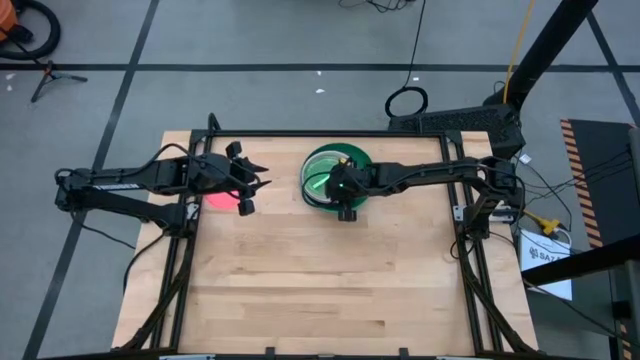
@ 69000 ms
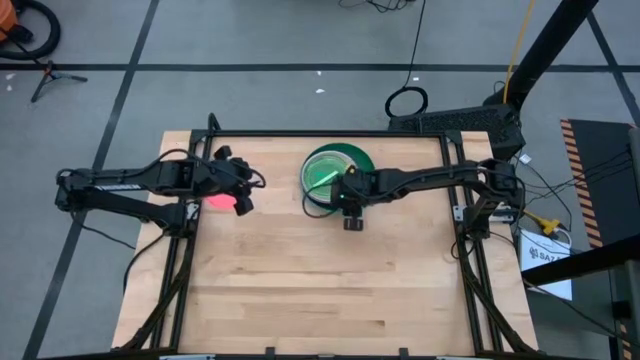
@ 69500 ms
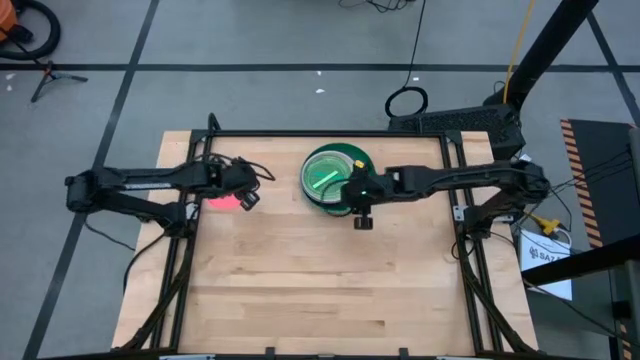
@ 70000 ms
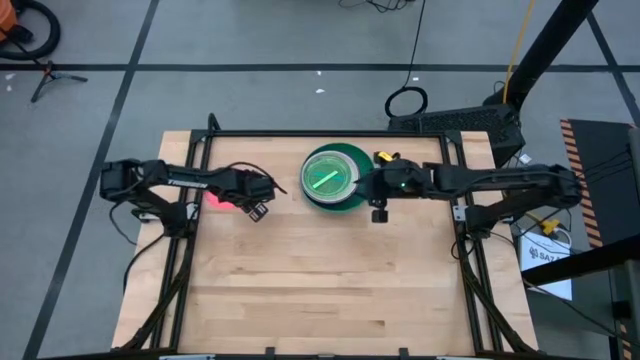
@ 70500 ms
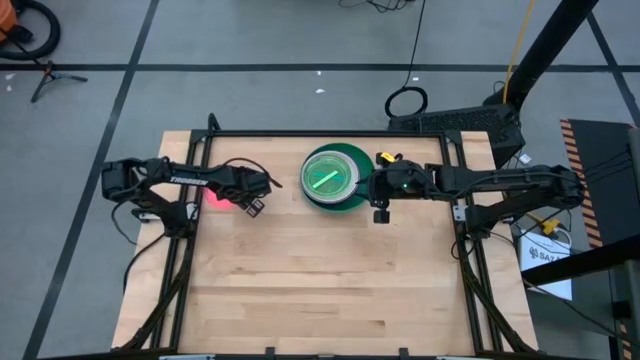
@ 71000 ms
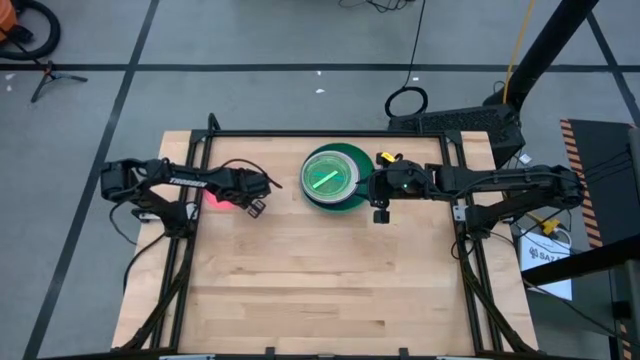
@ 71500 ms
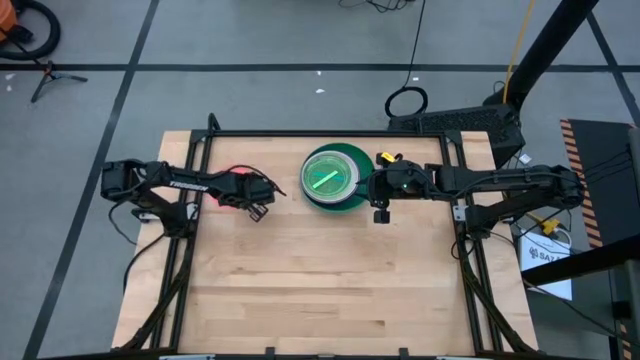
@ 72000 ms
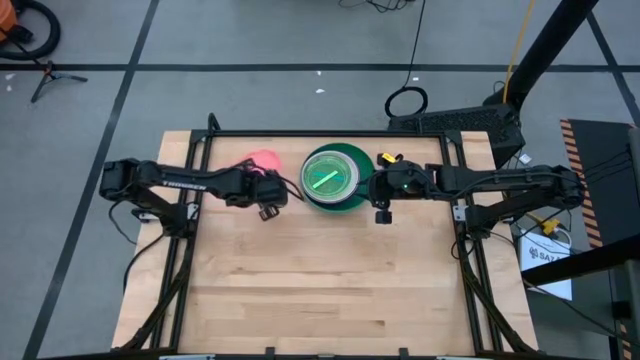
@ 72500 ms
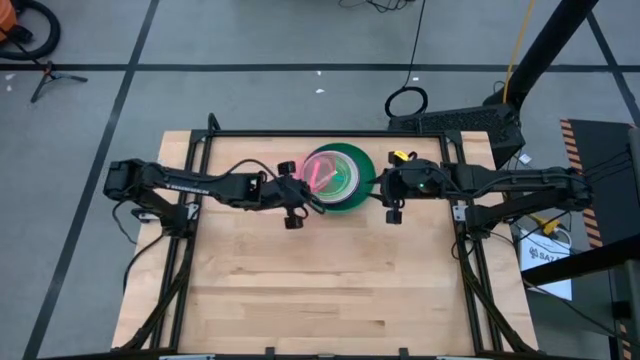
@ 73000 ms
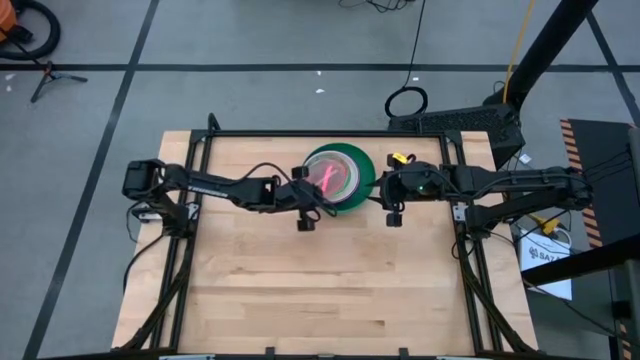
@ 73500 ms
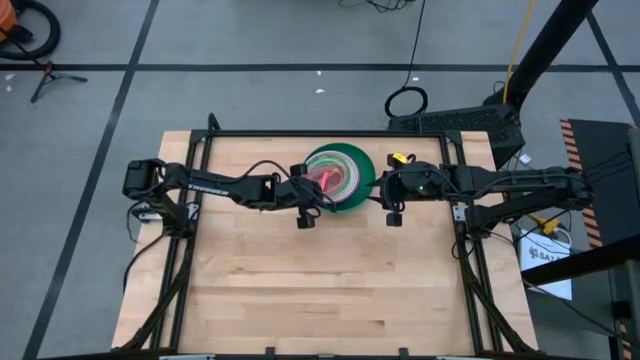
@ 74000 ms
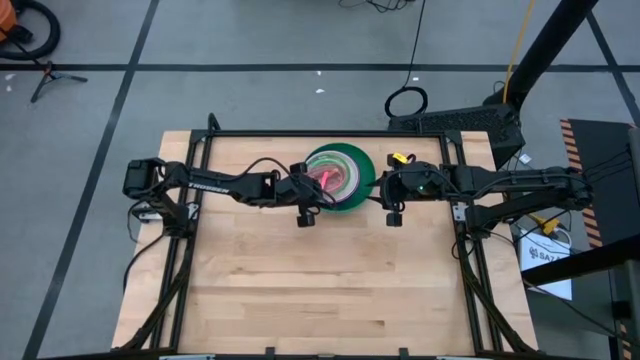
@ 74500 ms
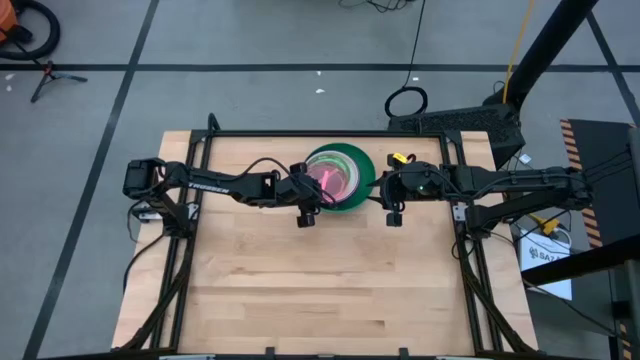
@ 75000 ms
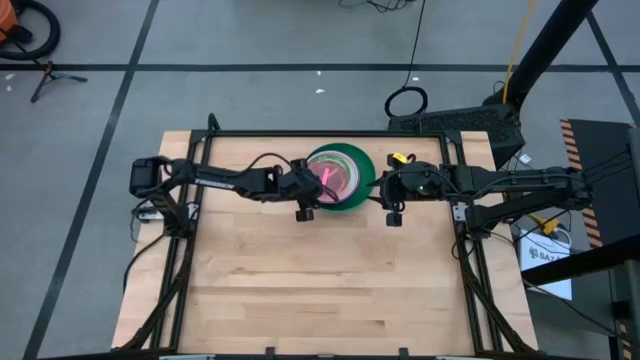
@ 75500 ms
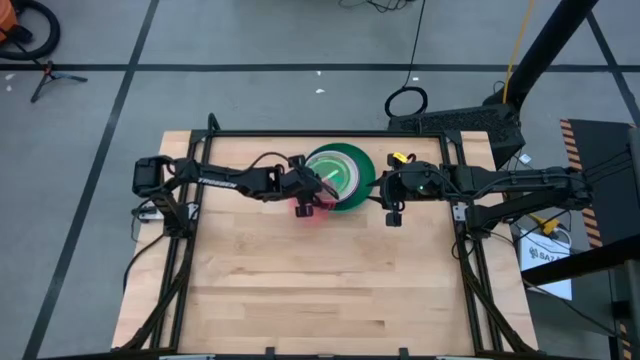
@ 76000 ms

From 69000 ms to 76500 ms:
Task: Stack plastic plates
Stack the pink plate on top of the green plate

· · · ·

→ **EXERCISE REQUIREMENTS**: All of the data above needs to be retyped exactly, with the pictures removed.

→ **RESPONSE**:
@ 69000 ms
@ 69500 ms
@ 70000 ms
@ 70500 ms
@ 71000 ms
@ 71500 ms
@ 72000 ms
@ 72500 ms
@ 73000 ms
@ 73500 ms
@ 74000 ms
@ 74500 ms
@ 75000 ms
@ 75500 ms
@ 76000 ms

From 69000 ms to 76500 ms:
Task: Stack plastic plates
Stack the pink plate on top of the green plate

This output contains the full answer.